**Required work**
Note how many lines of the data below hold the word "グループ", then give that number with no other text.

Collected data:
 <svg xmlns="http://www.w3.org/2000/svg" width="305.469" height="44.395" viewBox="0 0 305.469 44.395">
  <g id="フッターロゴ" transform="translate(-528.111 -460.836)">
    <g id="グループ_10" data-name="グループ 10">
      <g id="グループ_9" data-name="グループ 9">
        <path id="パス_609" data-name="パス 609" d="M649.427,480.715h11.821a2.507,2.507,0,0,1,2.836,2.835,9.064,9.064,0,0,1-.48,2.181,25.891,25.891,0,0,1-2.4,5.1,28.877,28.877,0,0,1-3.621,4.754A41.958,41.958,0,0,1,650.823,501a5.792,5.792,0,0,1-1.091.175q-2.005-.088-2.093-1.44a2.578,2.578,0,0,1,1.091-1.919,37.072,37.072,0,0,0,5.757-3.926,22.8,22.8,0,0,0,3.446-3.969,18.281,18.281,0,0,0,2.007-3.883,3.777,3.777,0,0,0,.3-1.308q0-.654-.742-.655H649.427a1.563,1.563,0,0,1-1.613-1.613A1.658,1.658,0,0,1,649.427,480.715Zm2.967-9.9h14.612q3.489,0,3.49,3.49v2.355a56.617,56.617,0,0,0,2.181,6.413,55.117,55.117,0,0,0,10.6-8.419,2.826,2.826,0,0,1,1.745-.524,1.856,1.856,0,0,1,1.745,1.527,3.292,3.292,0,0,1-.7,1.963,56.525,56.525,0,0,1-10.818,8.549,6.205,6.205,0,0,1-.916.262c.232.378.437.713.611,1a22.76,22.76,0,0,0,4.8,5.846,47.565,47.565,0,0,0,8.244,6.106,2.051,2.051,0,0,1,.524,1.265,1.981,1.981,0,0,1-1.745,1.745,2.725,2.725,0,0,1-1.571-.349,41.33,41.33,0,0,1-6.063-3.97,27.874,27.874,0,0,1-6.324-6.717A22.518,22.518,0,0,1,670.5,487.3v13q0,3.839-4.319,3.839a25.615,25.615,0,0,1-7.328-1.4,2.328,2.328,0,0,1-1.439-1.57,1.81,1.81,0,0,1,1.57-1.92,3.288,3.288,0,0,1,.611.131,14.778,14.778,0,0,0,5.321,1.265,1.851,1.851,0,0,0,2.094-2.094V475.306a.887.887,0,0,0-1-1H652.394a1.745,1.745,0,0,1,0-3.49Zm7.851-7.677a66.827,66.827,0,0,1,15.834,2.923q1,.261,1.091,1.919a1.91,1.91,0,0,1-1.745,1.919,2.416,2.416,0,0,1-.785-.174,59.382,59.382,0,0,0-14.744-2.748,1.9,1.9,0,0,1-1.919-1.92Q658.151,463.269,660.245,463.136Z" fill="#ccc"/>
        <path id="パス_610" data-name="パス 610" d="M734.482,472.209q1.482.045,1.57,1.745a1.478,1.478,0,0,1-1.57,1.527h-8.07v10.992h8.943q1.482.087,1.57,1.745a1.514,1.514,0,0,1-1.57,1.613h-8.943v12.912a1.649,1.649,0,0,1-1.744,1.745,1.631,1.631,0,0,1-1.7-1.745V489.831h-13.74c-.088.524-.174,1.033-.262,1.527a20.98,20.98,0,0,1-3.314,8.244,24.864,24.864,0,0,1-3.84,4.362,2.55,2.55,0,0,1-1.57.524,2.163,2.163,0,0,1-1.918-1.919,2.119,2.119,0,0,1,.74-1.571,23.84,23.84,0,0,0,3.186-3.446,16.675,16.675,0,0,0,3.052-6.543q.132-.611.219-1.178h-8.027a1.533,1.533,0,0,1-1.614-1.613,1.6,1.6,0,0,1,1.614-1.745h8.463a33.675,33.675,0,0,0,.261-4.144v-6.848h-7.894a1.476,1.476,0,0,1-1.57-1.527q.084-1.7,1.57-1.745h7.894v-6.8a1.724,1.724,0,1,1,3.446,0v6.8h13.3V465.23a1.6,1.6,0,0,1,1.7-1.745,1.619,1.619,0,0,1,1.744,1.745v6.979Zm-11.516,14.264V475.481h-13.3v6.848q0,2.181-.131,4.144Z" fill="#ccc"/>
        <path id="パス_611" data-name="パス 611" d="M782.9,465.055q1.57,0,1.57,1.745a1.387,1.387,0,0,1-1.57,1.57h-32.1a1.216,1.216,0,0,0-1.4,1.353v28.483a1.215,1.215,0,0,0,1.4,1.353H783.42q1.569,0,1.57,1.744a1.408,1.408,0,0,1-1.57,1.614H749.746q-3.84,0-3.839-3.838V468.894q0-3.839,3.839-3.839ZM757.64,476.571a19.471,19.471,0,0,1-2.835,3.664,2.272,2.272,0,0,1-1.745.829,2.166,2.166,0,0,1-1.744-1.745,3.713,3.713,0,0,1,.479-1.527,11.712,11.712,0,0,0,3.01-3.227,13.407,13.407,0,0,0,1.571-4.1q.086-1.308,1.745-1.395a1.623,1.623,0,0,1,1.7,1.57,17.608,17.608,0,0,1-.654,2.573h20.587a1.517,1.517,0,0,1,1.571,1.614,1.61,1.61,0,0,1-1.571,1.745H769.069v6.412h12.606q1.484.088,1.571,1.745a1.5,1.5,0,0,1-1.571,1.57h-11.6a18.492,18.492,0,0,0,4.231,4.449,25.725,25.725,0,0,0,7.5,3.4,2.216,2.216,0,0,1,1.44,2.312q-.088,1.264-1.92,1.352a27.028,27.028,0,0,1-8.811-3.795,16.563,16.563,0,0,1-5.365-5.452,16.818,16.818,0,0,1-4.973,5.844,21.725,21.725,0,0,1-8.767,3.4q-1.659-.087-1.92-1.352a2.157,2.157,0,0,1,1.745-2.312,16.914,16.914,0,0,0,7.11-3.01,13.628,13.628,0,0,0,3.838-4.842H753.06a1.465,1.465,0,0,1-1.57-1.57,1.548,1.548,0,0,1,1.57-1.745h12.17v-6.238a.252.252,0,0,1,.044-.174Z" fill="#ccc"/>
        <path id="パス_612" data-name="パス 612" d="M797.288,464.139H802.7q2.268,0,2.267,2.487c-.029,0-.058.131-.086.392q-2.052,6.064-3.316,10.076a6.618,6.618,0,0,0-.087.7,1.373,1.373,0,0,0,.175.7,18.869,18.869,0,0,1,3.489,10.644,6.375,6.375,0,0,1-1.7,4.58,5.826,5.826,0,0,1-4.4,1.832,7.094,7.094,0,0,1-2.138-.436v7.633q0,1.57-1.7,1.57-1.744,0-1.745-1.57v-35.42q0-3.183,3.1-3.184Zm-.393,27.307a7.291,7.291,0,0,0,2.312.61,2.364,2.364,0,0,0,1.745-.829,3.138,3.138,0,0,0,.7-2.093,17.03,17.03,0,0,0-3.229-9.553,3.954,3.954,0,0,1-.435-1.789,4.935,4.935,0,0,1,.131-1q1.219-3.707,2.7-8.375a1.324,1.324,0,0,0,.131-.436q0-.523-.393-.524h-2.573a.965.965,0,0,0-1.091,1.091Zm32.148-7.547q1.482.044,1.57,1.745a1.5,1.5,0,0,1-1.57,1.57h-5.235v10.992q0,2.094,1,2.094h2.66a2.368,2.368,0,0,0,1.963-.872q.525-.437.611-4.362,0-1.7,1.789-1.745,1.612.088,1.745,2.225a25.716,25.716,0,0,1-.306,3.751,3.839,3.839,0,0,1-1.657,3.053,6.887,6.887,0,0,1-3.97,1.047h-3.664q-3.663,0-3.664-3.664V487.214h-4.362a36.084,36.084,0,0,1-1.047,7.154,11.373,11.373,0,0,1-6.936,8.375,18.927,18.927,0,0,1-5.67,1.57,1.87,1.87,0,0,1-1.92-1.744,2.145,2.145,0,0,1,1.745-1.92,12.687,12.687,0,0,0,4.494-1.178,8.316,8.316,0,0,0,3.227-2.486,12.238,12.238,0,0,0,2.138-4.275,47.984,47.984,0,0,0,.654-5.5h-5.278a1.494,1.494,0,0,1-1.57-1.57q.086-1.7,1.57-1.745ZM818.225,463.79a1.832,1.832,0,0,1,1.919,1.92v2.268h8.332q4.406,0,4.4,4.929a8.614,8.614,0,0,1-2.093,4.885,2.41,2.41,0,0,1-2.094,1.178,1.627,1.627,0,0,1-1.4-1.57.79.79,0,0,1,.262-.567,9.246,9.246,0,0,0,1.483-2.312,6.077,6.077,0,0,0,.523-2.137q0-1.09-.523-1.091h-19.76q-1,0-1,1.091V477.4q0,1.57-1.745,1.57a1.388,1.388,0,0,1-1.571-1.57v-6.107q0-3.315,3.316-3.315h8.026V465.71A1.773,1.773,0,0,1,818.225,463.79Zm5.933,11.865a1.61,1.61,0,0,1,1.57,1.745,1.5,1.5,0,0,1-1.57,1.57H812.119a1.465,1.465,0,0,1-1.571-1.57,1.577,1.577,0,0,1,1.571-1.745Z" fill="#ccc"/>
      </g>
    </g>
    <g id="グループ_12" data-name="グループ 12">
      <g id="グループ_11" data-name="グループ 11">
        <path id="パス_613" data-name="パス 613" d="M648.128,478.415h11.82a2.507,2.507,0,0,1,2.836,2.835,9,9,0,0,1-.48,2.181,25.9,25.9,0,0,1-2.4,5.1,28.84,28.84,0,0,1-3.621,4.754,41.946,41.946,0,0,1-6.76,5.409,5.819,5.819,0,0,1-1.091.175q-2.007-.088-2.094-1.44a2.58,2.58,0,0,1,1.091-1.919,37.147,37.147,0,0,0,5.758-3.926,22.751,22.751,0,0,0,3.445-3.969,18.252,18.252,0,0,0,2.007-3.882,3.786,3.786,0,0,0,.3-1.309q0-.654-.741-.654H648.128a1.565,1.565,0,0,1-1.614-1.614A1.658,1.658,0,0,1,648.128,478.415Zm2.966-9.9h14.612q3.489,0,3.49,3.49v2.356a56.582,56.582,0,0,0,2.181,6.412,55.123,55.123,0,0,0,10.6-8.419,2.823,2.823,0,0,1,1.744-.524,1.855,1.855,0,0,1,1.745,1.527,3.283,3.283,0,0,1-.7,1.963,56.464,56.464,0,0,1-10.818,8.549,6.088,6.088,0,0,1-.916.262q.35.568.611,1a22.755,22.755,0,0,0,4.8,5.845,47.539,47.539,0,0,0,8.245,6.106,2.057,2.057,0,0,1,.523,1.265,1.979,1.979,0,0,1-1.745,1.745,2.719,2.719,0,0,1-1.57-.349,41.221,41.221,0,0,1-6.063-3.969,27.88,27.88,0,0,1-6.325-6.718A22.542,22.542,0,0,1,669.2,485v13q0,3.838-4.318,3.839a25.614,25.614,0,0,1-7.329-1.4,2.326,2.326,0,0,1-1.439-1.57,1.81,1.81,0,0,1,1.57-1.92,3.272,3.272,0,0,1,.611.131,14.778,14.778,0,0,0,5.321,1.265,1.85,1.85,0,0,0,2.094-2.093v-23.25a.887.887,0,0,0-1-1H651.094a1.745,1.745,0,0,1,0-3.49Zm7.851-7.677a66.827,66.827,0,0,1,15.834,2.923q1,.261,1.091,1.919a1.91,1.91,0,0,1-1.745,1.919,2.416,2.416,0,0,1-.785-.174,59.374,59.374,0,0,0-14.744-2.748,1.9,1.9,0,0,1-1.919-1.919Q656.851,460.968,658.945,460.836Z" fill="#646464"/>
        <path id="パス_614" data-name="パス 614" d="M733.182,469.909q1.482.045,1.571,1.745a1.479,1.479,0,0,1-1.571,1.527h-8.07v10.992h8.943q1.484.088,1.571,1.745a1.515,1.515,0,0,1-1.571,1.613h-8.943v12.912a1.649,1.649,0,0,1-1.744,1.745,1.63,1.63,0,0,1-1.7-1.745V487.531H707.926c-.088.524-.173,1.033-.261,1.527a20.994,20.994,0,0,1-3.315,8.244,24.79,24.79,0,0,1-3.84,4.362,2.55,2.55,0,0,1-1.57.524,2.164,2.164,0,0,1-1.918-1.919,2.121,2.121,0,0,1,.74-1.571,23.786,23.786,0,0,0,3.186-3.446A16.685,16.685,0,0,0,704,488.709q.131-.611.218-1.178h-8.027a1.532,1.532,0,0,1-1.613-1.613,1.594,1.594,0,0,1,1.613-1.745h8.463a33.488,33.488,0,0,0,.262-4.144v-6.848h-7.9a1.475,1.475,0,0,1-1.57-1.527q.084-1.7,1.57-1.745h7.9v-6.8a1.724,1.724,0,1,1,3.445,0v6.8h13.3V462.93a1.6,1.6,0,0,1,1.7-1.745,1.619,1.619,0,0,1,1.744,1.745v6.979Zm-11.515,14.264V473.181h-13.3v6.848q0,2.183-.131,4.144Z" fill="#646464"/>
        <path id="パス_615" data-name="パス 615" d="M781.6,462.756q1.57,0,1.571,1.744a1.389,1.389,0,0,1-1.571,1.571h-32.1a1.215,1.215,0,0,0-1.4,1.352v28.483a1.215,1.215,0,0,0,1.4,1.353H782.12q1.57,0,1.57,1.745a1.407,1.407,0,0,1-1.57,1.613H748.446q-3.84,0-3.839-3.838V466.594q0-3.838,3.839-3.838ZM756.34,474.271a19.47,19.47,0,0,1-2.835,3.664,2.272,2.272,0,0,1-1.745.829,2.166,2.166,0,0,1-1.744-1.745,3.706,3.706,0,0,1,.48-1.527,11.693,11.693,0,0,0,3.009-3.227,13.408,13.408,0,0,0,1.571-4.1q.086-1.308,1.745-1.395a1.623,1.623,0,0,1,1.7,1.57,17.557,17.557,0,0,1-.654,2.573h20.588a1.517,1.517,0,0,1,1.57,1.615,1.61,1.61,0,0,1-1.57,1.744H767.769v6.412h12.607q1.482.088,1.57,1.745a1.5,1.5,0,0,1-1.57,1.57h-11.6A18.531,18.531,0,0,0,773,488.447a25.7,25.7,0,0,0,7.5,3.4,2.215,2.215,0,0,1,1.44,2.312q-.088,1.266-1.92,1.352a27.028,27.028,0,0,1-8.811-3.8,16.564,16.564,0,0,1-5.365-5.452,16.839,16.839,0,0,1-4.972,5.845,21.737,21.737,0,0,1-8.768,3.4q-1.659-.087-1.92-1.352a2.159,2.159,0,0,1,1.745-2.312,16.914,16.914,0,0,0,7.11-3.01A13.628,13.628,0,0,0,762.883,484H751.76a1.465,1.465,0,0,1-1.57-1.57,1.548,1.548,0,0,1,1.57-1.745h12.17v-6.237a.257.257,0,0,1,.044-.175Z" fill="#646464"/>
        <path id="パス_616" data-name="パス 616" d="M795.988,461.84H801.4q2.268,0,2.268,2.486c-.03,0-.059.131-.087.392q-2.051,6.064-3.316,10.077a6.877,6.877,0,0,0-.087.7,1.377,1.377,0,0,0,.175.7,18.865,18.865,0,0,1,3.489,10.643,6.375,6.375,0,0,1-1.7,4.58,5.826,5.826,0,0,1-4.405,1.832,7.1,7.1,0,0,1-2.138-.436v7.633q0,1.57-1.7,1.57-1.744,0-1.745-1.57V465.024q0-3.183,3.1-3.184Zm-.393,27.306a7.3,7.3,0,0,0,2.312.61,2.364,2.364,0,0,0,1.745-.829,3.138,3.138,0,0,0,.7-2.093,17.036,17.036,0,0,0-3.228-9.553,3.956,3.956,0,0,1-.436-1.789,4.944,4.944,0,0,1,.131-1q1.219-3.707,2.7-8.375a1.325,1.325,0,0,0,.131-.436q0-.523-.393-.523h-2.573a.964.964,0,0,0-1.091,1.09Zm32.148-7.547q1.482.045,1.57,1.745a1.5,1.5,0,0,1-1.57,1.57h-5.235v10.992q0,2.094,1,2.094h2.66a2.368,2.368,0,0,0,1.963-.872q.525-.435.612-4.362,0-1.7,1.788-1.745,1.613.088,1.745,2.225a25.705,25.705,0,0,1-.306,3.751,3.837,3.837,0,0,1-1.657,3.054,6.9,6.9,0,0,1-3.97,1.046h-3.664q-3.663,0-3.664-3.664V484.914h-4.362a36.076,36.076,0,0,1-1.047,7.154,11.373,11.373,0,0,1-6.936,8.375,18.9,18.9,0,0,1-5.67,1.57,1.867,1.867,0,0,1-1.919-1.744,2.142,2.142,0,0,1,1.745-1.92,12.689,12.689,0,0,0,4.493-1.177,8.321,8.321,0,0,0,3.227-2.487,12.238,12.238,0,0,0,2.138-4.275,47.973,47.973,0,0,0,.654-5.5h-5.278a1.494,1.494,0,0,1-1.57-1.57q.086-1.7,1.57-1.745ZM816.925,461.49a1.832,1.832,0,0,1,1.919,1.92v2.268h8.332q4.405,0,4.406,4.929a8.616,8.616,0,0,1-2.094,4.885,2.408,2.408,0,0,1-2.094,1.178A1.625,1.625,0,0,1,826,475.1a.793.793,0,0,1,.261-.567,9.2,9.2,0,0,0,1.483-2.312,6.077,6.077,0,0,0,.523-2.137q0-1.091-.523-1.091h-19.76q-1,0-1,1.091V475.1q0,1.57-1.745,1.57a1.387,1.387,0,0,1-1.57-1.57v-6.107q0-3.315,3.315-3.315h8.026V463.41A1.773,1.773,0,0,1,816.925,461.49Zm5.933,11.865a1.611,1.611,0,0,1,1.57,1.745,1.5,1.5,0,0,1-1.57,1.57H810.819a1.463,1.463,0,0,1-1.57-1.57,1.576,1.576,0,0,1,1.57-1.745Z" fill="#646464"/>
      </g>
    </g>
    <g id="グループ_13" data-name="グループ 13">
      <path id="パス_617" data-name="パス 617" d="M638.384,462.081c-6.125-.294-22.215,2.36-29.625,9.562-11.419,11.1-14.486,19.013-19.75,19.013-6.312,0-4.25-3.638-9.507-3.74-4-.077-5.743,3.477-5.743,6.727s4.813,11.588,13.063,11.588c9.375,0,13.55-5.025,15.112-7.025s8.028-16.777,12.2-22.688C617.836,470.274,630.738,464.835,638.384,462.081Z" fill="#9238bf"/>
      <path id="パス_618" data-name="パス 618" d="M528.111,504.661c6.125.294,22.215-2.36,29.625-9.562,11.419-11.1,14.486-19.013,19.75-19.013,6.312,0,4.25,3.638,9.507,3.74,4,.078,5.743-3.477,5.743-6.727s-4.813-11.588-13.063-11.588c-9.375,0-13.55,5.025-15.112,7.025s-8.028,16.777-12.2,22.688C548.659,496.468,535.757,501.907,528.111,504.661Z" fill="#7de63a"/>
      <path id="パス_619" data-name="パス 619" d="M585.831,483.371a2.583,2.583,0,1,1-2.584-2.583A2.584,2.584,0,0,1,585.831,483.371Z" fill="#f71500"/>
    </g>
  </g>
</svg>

**Solved exercise**
5